I've written many times here about my dad, how we meet weekly for breakfast on Wednesdays, and how he's taught me so many things about life, and about being gracious with what life give you. I've written about how, in the last few years, now that I'm an adult, I've gotten to know my dad in a new way, very different from the man I knew when I was little. But this is all very recent stuff with my dad. It's only been the last 5 or 6 years that I've gotten to know him very well.
When I think back on my childhood, there were many wonderful memories of camping and fishing and stuff like that with dad, but the truly shaping memories of my youth involve my mom. Dad worked, as dad's do, but mom was always home. Always there. Rock steady. Unmovable. At least to my childlike eyes.
Yesterday I had lunch with my mother. Sometimes forget just how blessed I am.
Mom is just about as old as dad, in her mid 70's. Not a young chicken by an means, but still as spry as a young woman. Her body is getting older and slowing down, but her mind is still sharp as a razor. I don't often get the chance to sit down and just talk freely with my mom. Yesterday was wonderful.
We met at Applebees on Arden Way about 11am. We both had salads (she's a diet enthusiast, and always has been, so I couldn't exactly order a big ol' hamburger without getting a "look" from mom. Dang it, I'm a grown man, but she's STILL mom). And we started to talk. We talked about family: my kids, my cousins, brothers, their families, etc. Just kinda getting up to date on what's new with my huge extended family. We talked a little bit about my friend that I wrote about 2 posts back, and my thoughts about that.
Then, the most enjoyable topic arose.
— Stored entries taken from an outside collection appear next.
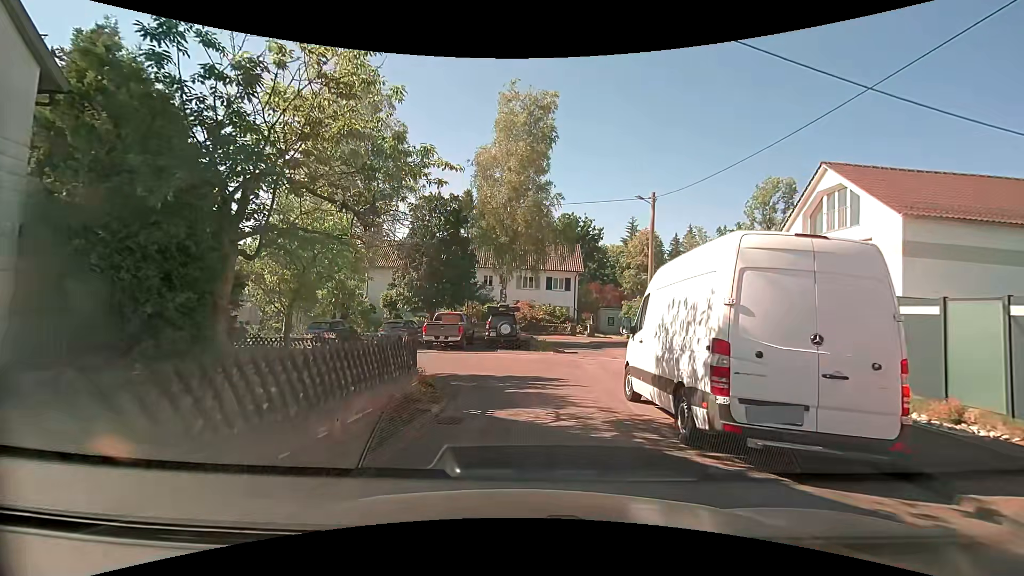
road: residential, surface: asphalt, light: Day
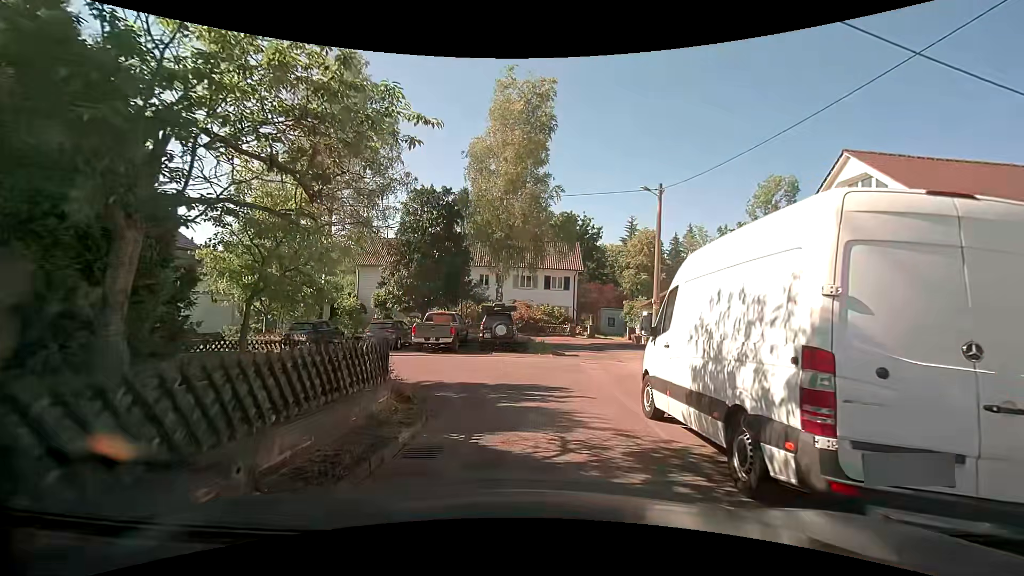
(0.0, +1.8) m; -1°
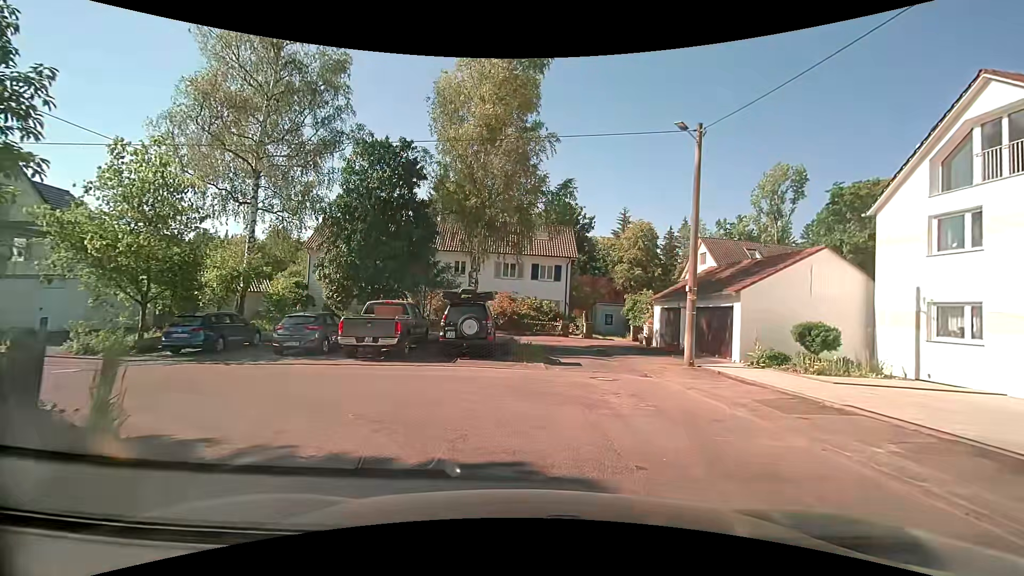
(+0.2, +7.2) m; +1°
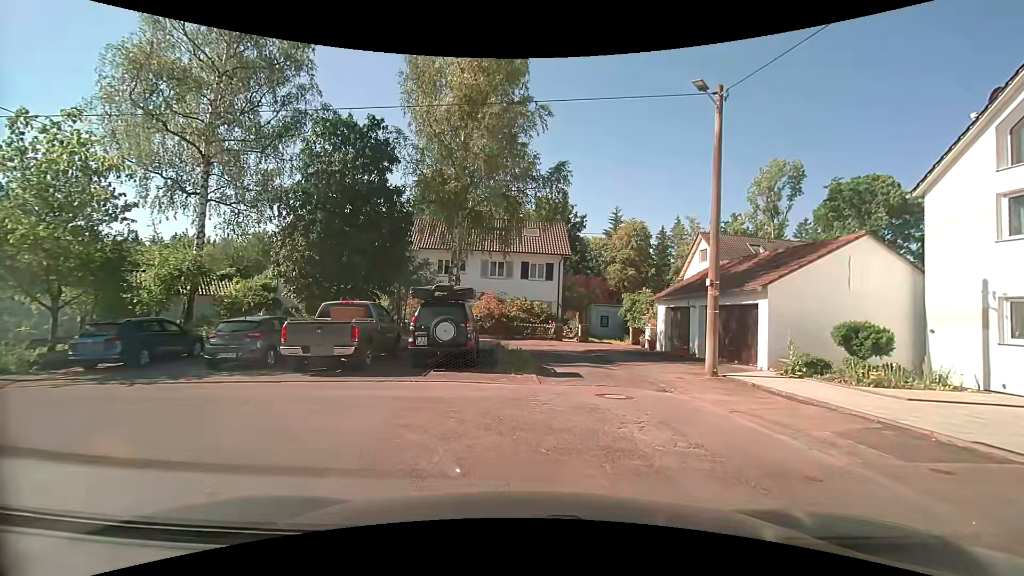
(+0.1, +2.9) m; +3°
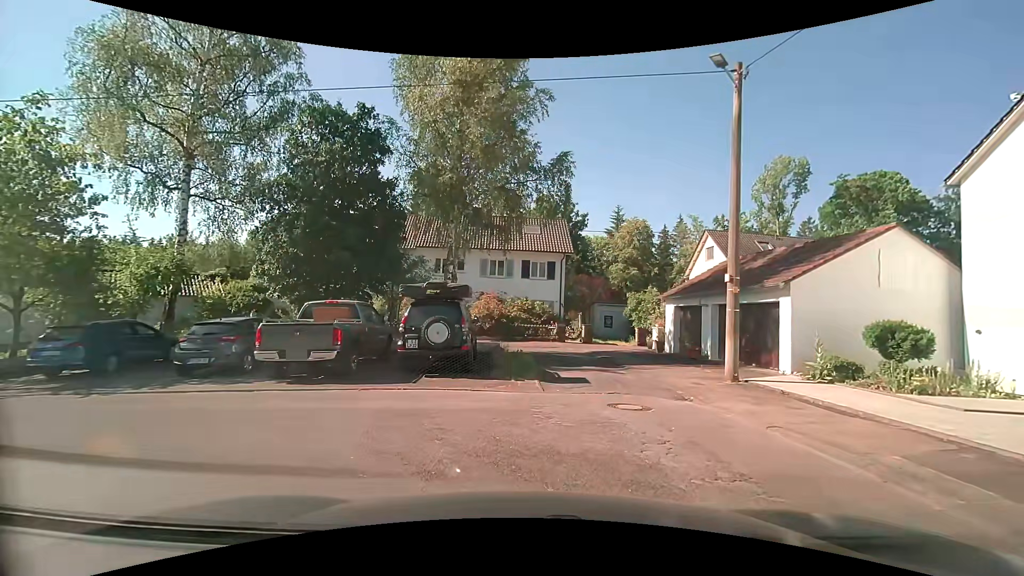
(0.0, +1.2) m; -1°
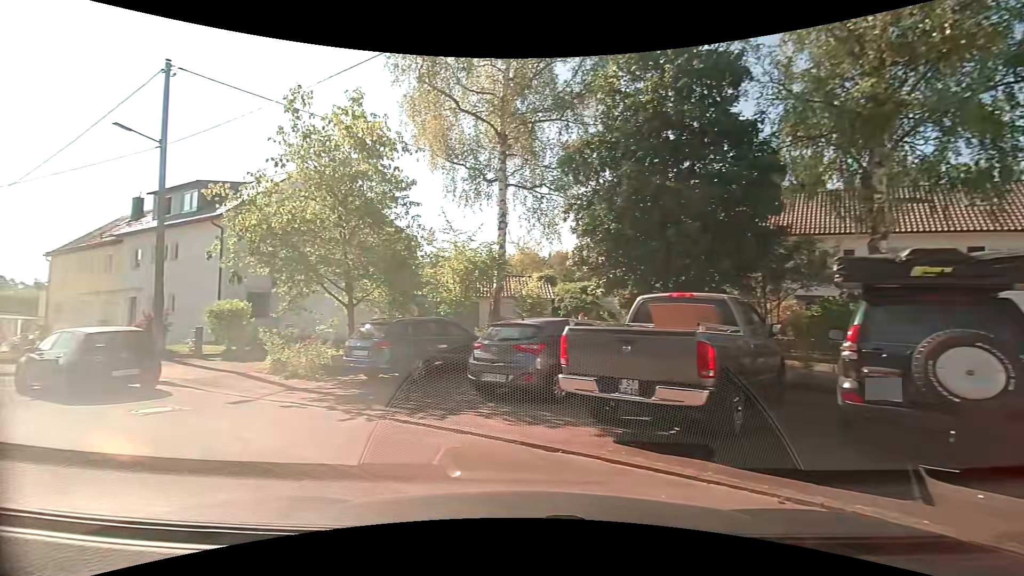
(-1.3, +6.1) m; -36°

She asked me how much I remembered about our trip to New York state when I was 12 years old? I thought I remembered everything, but evidently not! I was only 12 at the time, and (this blows mind) she was about MY age now when she took my sister and I on a Greyhound bus, 4 days across the USA, from Sacramento to upstate New York. What a trip that was!
We talked about everything regarding that trip.
She asked me if I remembered the guy touching me. I said "what?!". I didn't remember any guy touching me! She said, since she and my little sister sat together, I always sat alone across from her, with whatever passenger sat in the 2nd seat next to me. Usually, people were just fine. But I guess there was this one guy sitting next to me for a short leg of the trip, and sometime during the night I whispered across to my mom and said, "this guy keeps touching me." So mom put my sister on her lap, and put me in the seat next to her. After a bit, my mom went up and told the bus driver, because the guy kept giving her weird looks that creeped her out. Mom said the driver stopped the bus and put the guy off the bus in the middle of a corn field in Iowa!
Talk about weird, I don't remember that AT ALL.
I remember the trip, but it was from my 12-year old perspective.
I remember a sweet old lady who sat next to me for one night when we were on the return trip. I kept accidentally leaning on her in my sleep, but then I'd wake up and lean back over the other way, so I wasn't leaning on her, ya know. Not cool for a 12-year old boy to be touching some strange lady. Anyway, after about the third time, she just said quietly, "It's ok sweetie... go to sleep," and I remember snuggling up against this nice old lady and sleeping like a rock.
I remember nasty brown ketchup in the packets at the Cheyenne bus station.
I remember the bus driver missing a dinner stop, and my mom having the only food on the bus. She brought some fruit and crackers for my sister and I, and we shared the food with all the little kids. The adults we SO ticked off at the driver.
I remember these two little kids, brother and sister, getting on the bus in New York, and riding with us all the way to Salt Lake City. They were about 9 and 11 years old, traveling alone (but this was 1976). They took to my mom right away, and for two days, we played and talked and giggled. I remember them standing at the bus station in Salt Lake City, at 10pm, alone with only the clerk there, waiting for their parents to pick them up, crying as the bus left.
I don't remember my mom asking two policeman in the New York City bus depot take me to the bathroom. She said it was so scary there, and I had to pee so bad, that she waved down two NYPD officers, and said she wouldn't let me go to the bathroom my myself in this place, and asked if they'd go with me. She says they were really nice. We actually sat on our luggage so no one could steal it.
Oh, the memories go on and on. Suffice it to say, mom and I had a wonderful lunch. She's such a wonderful lady, and I often take her for granted. She given me so much, and continues to help me to this day.
I sometimes forget just how blessed I am.